Once beaten by Pat Mallen

==Early career==
Norton started his professional career in September 1993, with a 2nd round win over Stuart Fleet in Walsall. By April 1997 he had compiled an unbeaten record of 17 wins against no defeats and only one draw (against Chris Woollas) and had earned a shot at the Commonwealth cruiserweight title. He travelled to Northern Ireland to challenge holder Darren Corbett in December 1997 and lasted the full 12 rounds in what was to be an unsuccessful attempt. The defeat to Corbett was to be his first as a professional.

==WBU champion==
Norton bounced back from his first career defeat to register two back to back wins before lining himself up for a shot at the World Boxing Union's version of the cruiserweight title. He challenged the reigning champion South African Jacob Mofokeng and registered a majority decision over 12 rounds to lift his first career title. The reign would not last for long however as a challenge by another South African fighter Sebastiaan Rothmann, in his first defence ended in a new champion and a second career defeat for the man from the Midlands after the fight was stopped in the 8th round.

==British and Commonwealth title challenger==
In response to losing the title Norton took a year out and returned in September 2000 with a win over journeyman Tony Booth. Three more victories followed against Darron Griffiths, Lee Swaby and Paul Bonson before lining himself up for a second tilt at the commonwealth cruiserweight title against current champion Mark Hobson. Also up for grabs during the fight in September 2003 was the vacant British title. However, when Norton tried to challenge at championship level he came up short and Hobson won the fight with a unanimous decision over the full 12 rounds.

==Route back to contention==
Following the Hobson defeat, Norton returned to the ring in April 2004 with a win over journeyman Greg Scott-Briggs. A victory over former opponent Chris Woollas followed before in December 2004 he met experienced Paul Bonson for the second time in a challenge for the British Masters cruiserweight title. Norton claimed his second career title after stopping Bonson in the 6th round.
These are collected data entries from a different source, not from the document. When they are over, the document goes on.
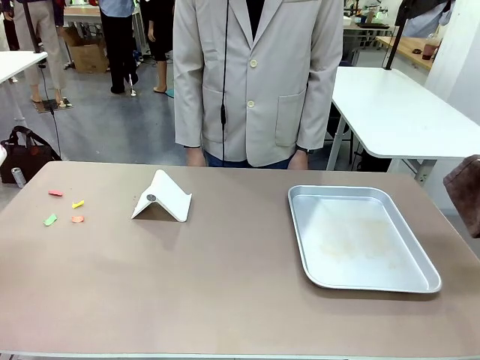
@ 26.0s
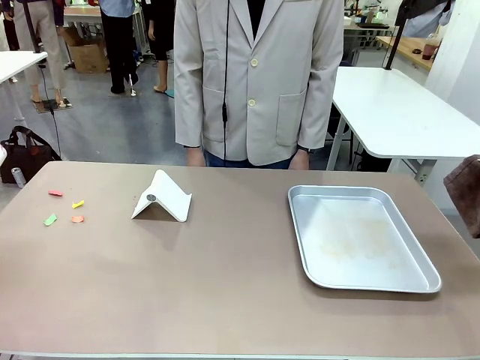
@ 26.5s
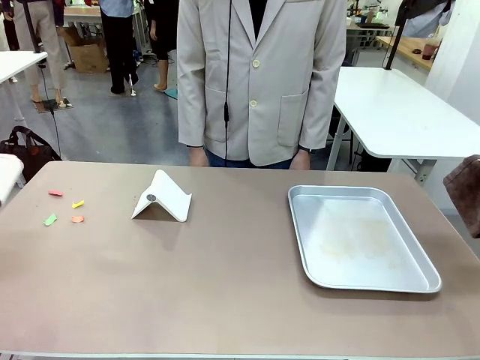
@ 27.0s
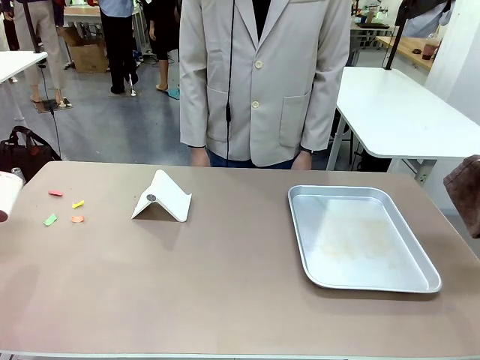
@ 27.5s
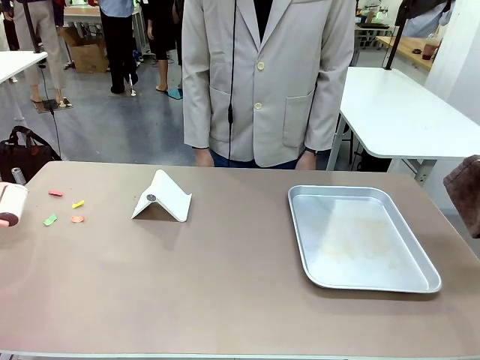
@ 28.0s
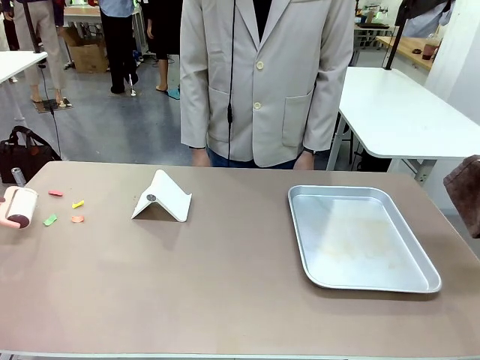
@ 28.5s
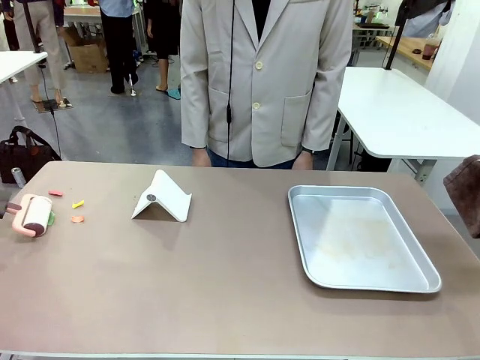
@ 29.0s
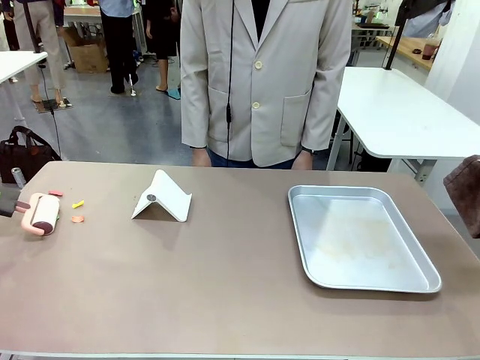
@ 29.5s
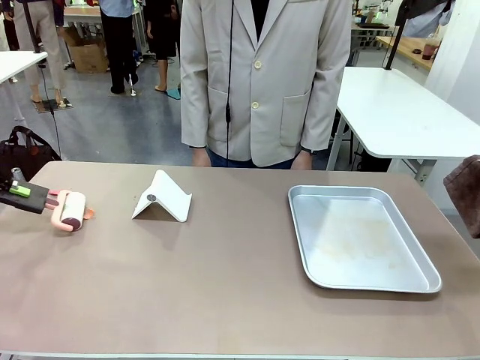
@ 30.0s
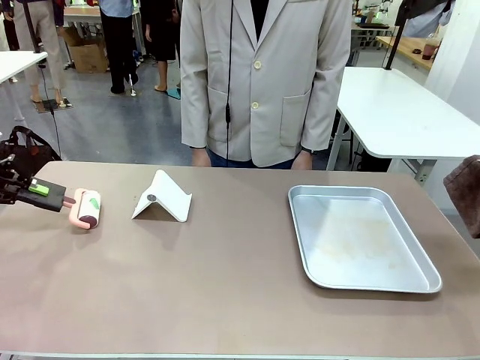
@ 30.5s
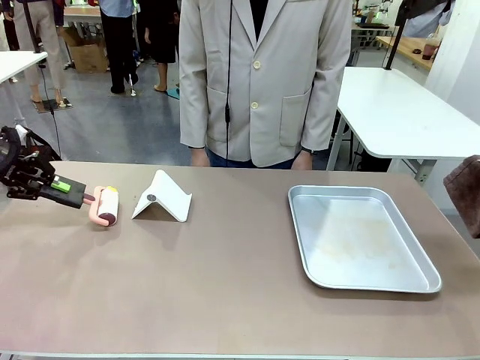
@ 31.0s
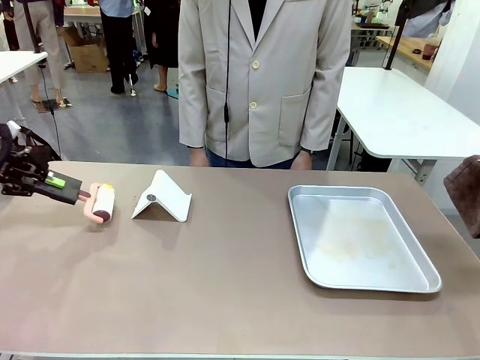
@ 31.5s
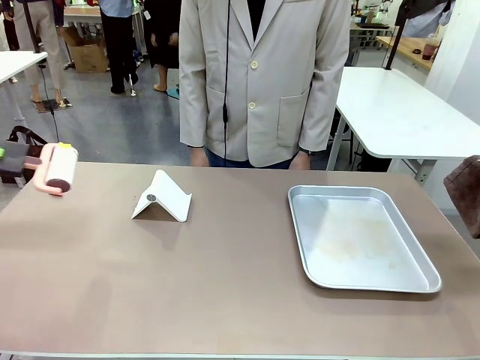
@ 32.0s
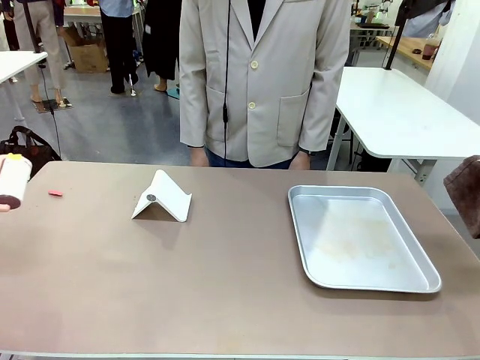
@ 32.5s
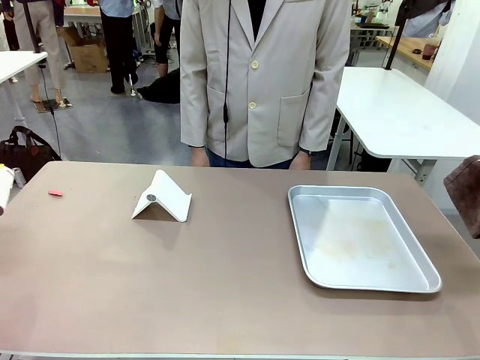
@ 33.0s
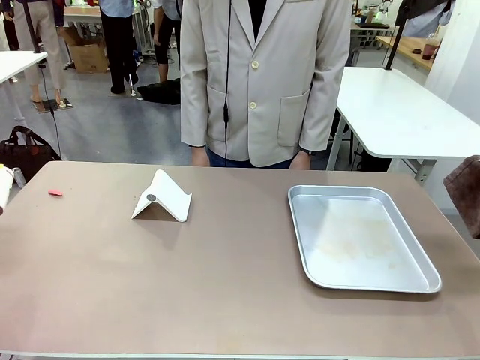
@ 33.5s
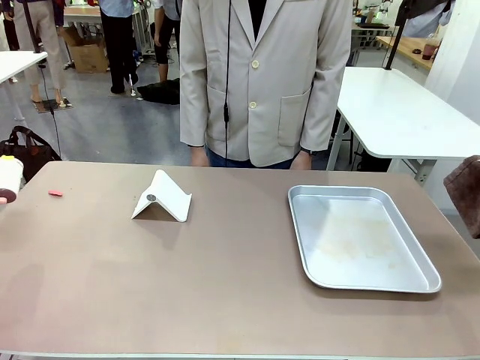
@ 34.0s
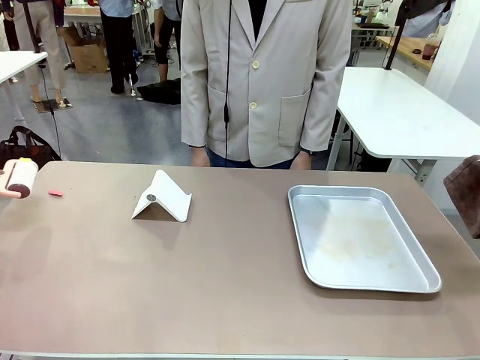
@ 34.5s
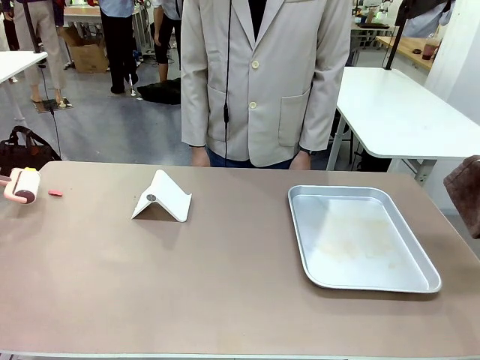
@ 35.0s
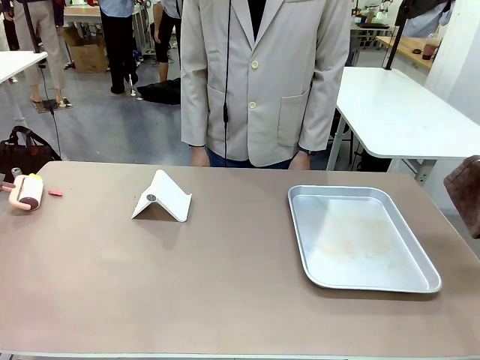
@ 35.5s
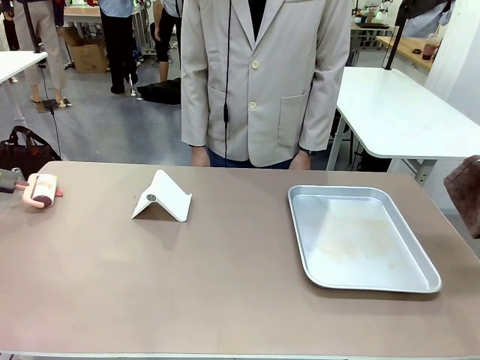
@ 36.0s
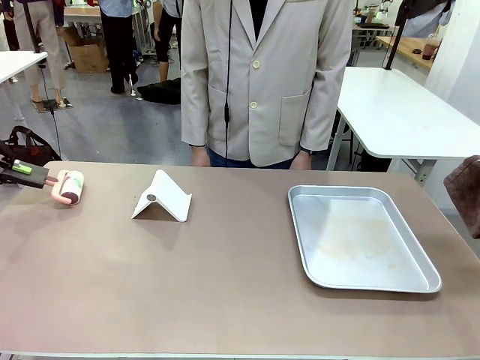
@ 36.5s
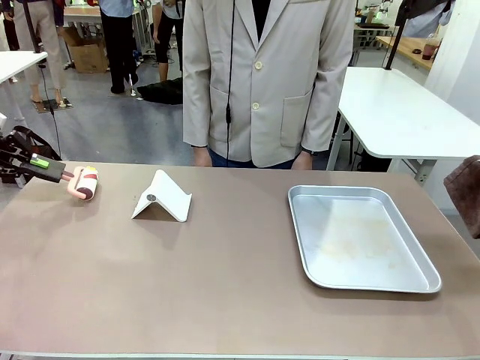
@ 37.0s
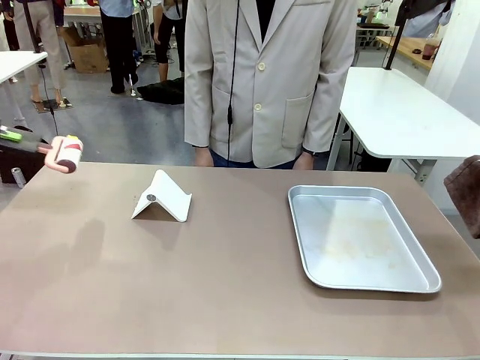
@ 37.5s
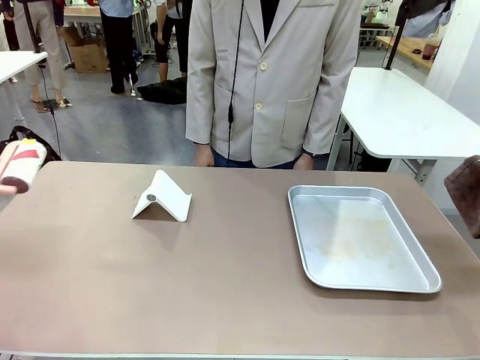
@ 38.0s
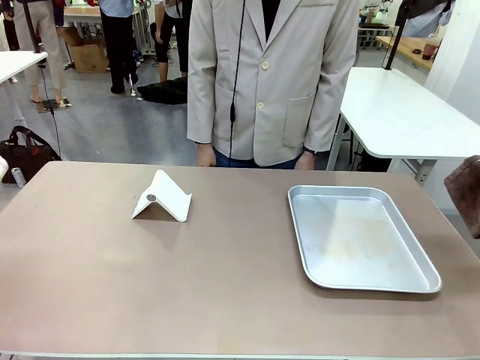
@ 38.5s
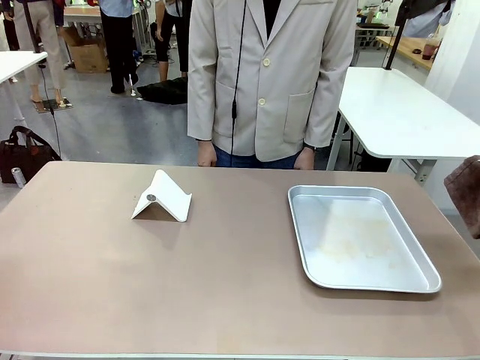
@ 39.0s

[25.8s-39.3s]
Task: Clean the surface of the table.
Robot: Clean the area not pointed to by the person.

One fight only in 2005 and one fight in 2006 saw two further victories against journeyman opponents before in March 2007 Norton challenged Tommy Eastwood for the vacant English cruiserweight crown at the Mercia Park Leisure Centre in Coventry. The fight was won when the referee stopped the contest in the 8th round handing victory and a third career title to Norton

==British and Commonwealth champion==
Norton's next fight after being declared English champion was in December 2007 when he travelled to Switzerland to fight Serbian Enad Licina. The fight resulted in a fourth career defeat for the Englishman as he lost a unanimous decision over eight rounds. It wasn't until October 2008 that Norton fought again, this time in a challenge for the vacant British cruiserweight title previously held by recently retired Mark Hobson. The fight took place in the Meadowside Leisure Centre in Burton-on-Trent and saw Norton claim the title at the second attempt against London's Micky Steeds.

In February 2009, Norton defended the belt for the first time against David Dolan. The fight at the Aston Leisure Centre in Birmingham was also for the now vacant commonwealth title belt. In an exciting fight which saw a total of five knockdowns, Norton became a two belt champion as he earned the judges votes via a unanimous decision. On 13 November 2009 Norton defeated former European title challenger Ismail Abdoul in a non-title fight before meeting Dolan again on 15 January 2010 at the leisure centre in Altrincham. In another close fight, Norton once again managed to hold on to the title when the judges scored the contest a draw.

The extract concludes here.